Stored records
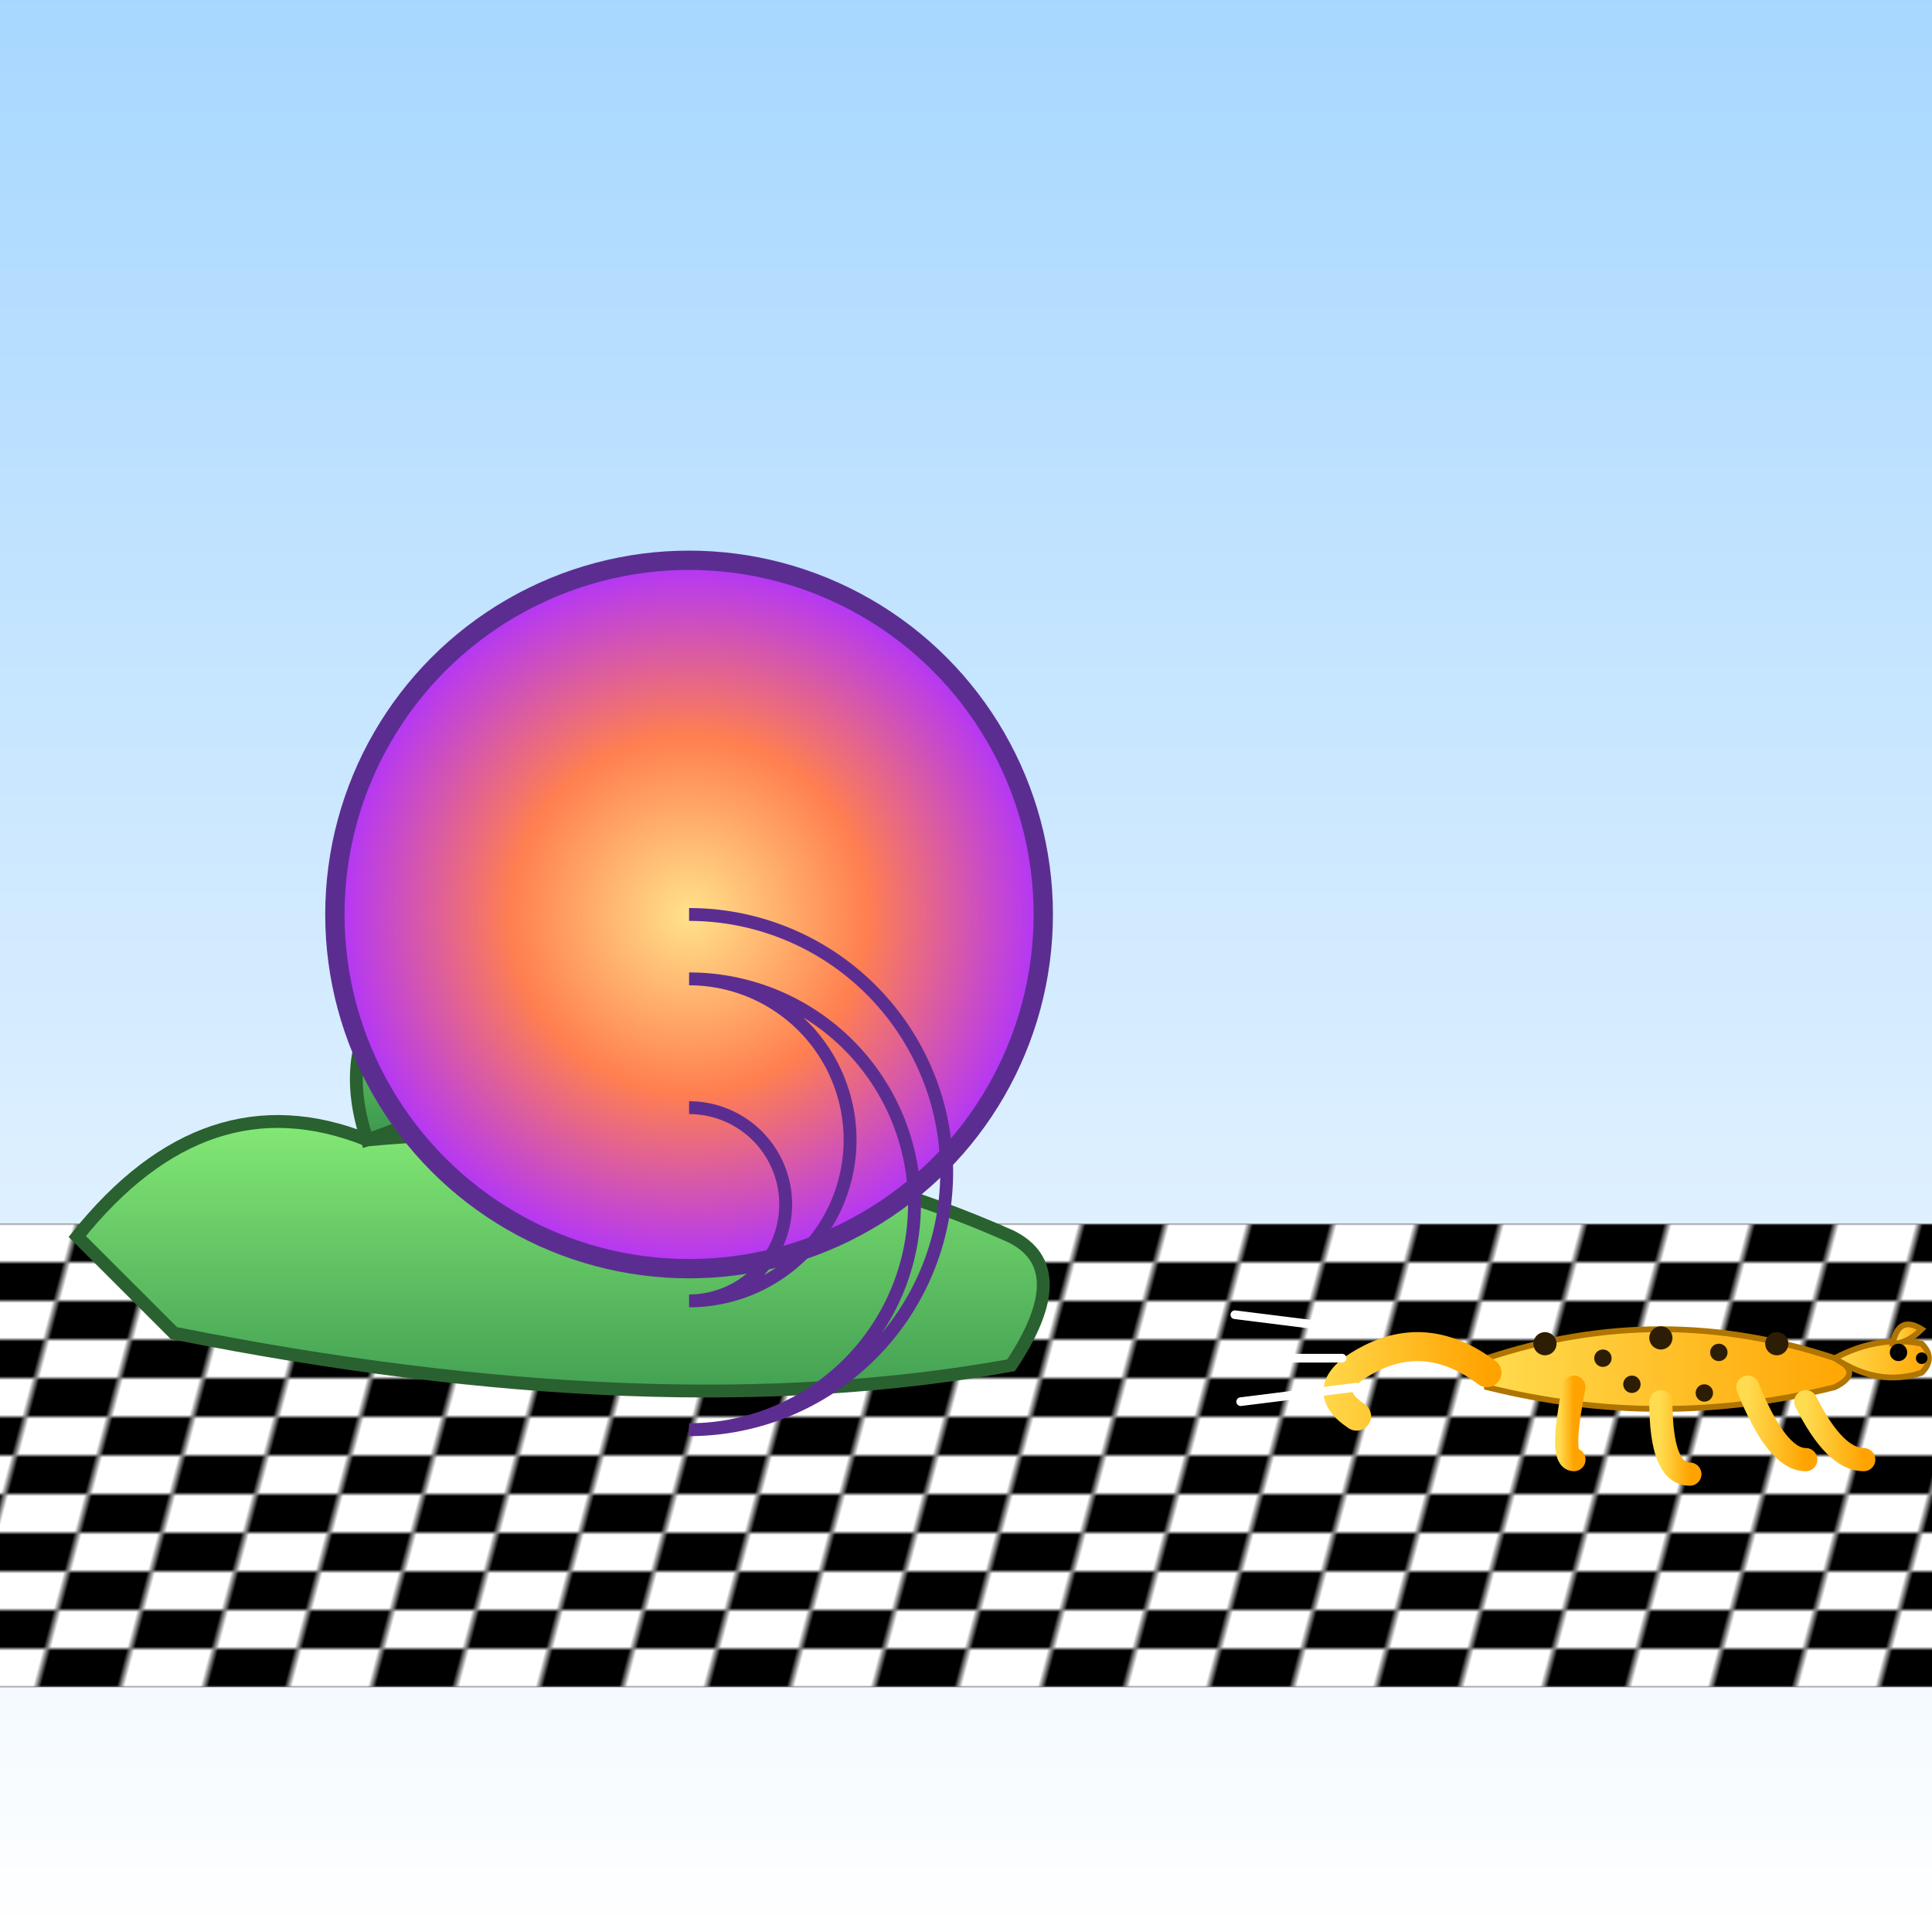 <svg viewBox="0 0 300 300" xmlns="http://www.w3.org/2000/svg">
  <defs>
    <!-- Gradients -->
    <linearGradient id="skyGrad" x1="0" y1="0" x2="0" y2="1">
      <stop offset="0%" stop-color="#a7d7ff"/>
      <stop offset="100%" stop-color="#ffffff"/>
    </linearGradient>

    <linearGradient id="bodyGrad" x1="0" y1="0" x2="0" y2="1">
      <stop offset="0%" stop-color="#8ef57b"/>
      <stop offset="100%" stop-color="#3a964e"/>
    </linearGradient>

    <radialGradient id="shellGrad" cx="50%" cy="50%" r="50%">
      <stop offset="0%" stop-color="#ffe28a"/>
      <stop offset="50%" stop-color="#ff7f50"/>
      <stop offset="100%" stop-color="#b033ff"/>
    </radialGradient>

    <linearGradient id="cheetahGrad" x1="0" y1="0" x2="1" y2="0">
      <stop offset="0%" stop-color="#ffdb4f"/>
      <stop offset="100%" stop-color="#ffa300"/>
    </linearGradient>

    <!-- Checkerboard pattern -->
    <pattern id="checker" width="20" height="20" patternUnits="userSpaceOnUse">
      <rect width="20" height="20" fill="#ffffff"/>
      <rect width="10" height="10" fill="#000000"/>
      <rect x="10" y="10" width="10" height="10" fill="#000000"/>
    </pattern>

    <!-- Shadow filter -->
    <filter id="shadow" x="-20%" y="-20%" width="140%" height="140%">
      <feGaussianBlur in="SourceAlpha" stdDeviation="3" result="blur"/>
      <feOffset in="blur" dx="2" dy="2" result="offset"/>
      <feMerge>
        <feMergeNode in="offset"/>
        <feMergeNode in="SourceGraphic"/>
      </feMerge>
    </filter>
  </defs>

  <!-- Background sky -->
  <rect width="300" height="300" fill="url(#skyGrad)" />

  <!-- Checkerboard track with perspective -->
  <g id="track" transform="translate(-40,190) skewX(-15) scale(1.3,0.6)">
    <rect width="500" height="120" fill="url(#checker)" />
  </g>

  <!-- Giant Snail -->
  <g id="snail" transform="translate(80,180)" filter="url(#shadow)">
    <!-- Body -->
    <path d="M-70 10 Q -50 -15 -25 -5 Q 30 -10 75 10 Q 85 15 75 30 Q 20 40 -55 25 Z"
          fill="url(#bodyGrad)" stroke="#2a6130" stroke-width="2"/>
    <!-- Neck -->
    <path d="M-25 -5 Q -30 -20 -20 -30 Q -10 -40 0 -35 Q 10 -30 0 -20 Q -10 -10 -25 -5 Z"
          fill="url(#bodyGrad)" stroke="#2a6130" stroke-width="2"/>
    <!-- Eye stalks -->
    <line x1="-15" y1="-25" x2="-15" y2="-45" stroke="#357a40" stroke-width="3" stroke-linecap="round"/>
    <circle cx="-15" cy="-50" r="4" fill="#ffffff" stroke="#222" stroke-width="1"/>
    <circle cx="-15" cy="-50" r="1.5" fill="#222"/>
    <line x1="-5" y1="-27" x2="-5" y2="-47" stroke="#357a40" stroke-width="3" stroke-linecap="round"/>
    <circle cx="-5" cy="-52" r="4" fill="#ffffff" stroke="#222" stroke-width="1"/>
    <circle cx="-5" cy="-52" r="1.5" fill="#222"/>
    <!-- Shell -->
    <circle cx="25" cy="-40" r="55" fill="url(#shellGrad)" stroke="#5c2d91" stroke-width="3"/>
    <!-- Spiral detail -->
    <path d="M25 -40
             A40 40 0 1 1 25 40
             A30 30 0 1 0 25 -30
             A20 20 0 1 1 25 20
             A10 10 0 1 0 25 -10"
          fill="none" stroke="#5c2d91" stroke-width="2"/>
  </g>

  <!-- Tiny Cheetah -->
  <g id="cheetah" transform="translate(230,210) scale(0.45)" filter="url(#shadow)">
    <!-- Body -->
    <path d="M0 0 Q60 -20 120 0 Q130 5 120 10 Q60 25 0 10 Z"
          fill="url(#cheetahGrad)" stroke="#b07500" stroke-width="2"/>
    <!-- Spots -->
    <circle cx="20" cy="-5" r="4" fill="#2d1d04"/>
    <circle cx="40" cy="0" r="3" fill="#2d1d04"/>
    <circle cx="60" cy="-7" r="4" fill="#2d1d04"/>
    <circle cx="80" cy="-2" r="3" fill="#2d1d04"/>
    <circle cx="100" cy="-5" r="4" fill="#2d1d04"/>
    <circle cx="50" cy="9" r="3" fill="#2d1d04"/>
    <circle cx="75" cy="12" r="3" fill="#2d1d04"/>
    <!-- Head -->
    <path d="M120 0 Q135 -8 150 -5 Q155 0 150 5 Q135 10 120 0 Z"
          fill="url(#cheetahGrad)" stroke="#b07500" stroke-width="2"/>
    <!-- Ear -->
    <path d="M140 -5 Q142 -15 150 -10 Q145 -5 140 -5 Z"
          fill="url(#cheetahGrad)" stroke="#b07500" stroke-width="2"/>
    <!-- Facial details -->
    <circle cx="142" cy="-2" r="3" fill="#000"/>
    <circle cx="150" cy="0" r="2" fill="#000"/>
    <!-- Legs -->
    <path d="M30 10 Q25 35 30 35" stroke="url(#cheetahGrad)" stroke-width="8" stroke-linecap="round" fill="none"/>
    <path d="M60 15 Q60 40 70 40" stroke="url(#cheetahGrad)" stroke-width="8" stroke-linecap="round" fill="none"/>
    <path d="M90 10 Q100 35 110 35" stroke="url(#cheetahGrad)" stroke-width="8" stroke-linecap="round" fill="none"/>
    <path d="M110 15 Q120 35 130 35" stroke="url(#cheetahGrad)" stroke-width="8" stroke-linecap="round" fill="none"/>
    <!-- Tail -->
    <path d="M0 5 Q-20 -10 -40 0 Q-60 10 -45 20"
          stroke="url(#cheetahGrad)" stroke-width="10" stroke-linecap="round" fill="none"/>
    <!-- Speed lines -->
    <g stroke="#ffffff" stroke-width="3" stroke-linecap="round">
      <line x1="-50" y1="0" x2="-90" y2="0"/>
      <line x1="-45" y1="10" x2="-85" y2="15"/>
      <line x1="-47" y1="-10" x2="-87" y2="-15"/>
    </g>
  </g>
</svg>

PROBLEM REQUIREMENTS =>
The answer consists of every line above in which the word "none" occurs.

YOUR RESPONSE =>
          fill="none" stroke="#5c2d91" stroke-width="2"/>
    <path d="M30 10 Q25 35 30 35" stroke="url(#cheetahGrad)" stroke-width="8" stroke-linecap="round" fill="none"/>
    <path d="M60 15 Q60 40 70 40" stroke="url(#cheetahGrad)" stroke-width="8" stroke-linecap="round" fill="none"/>
    <path d="M90 10 Q100 35 110 35" stroke="url(#cheetahGrad)" stroke-width="8" stroke-linecap="round" fill="none"/>
    <path d="M110 15 Q120 35 130 35" stroke="url(#cheetahGrad)" stroke-width="8" stroke-linecap="round" fill="none"/>
          stroke="url(#cheetahGrad)" stroke-width="10" stroke-linecap="round" fill="none"/>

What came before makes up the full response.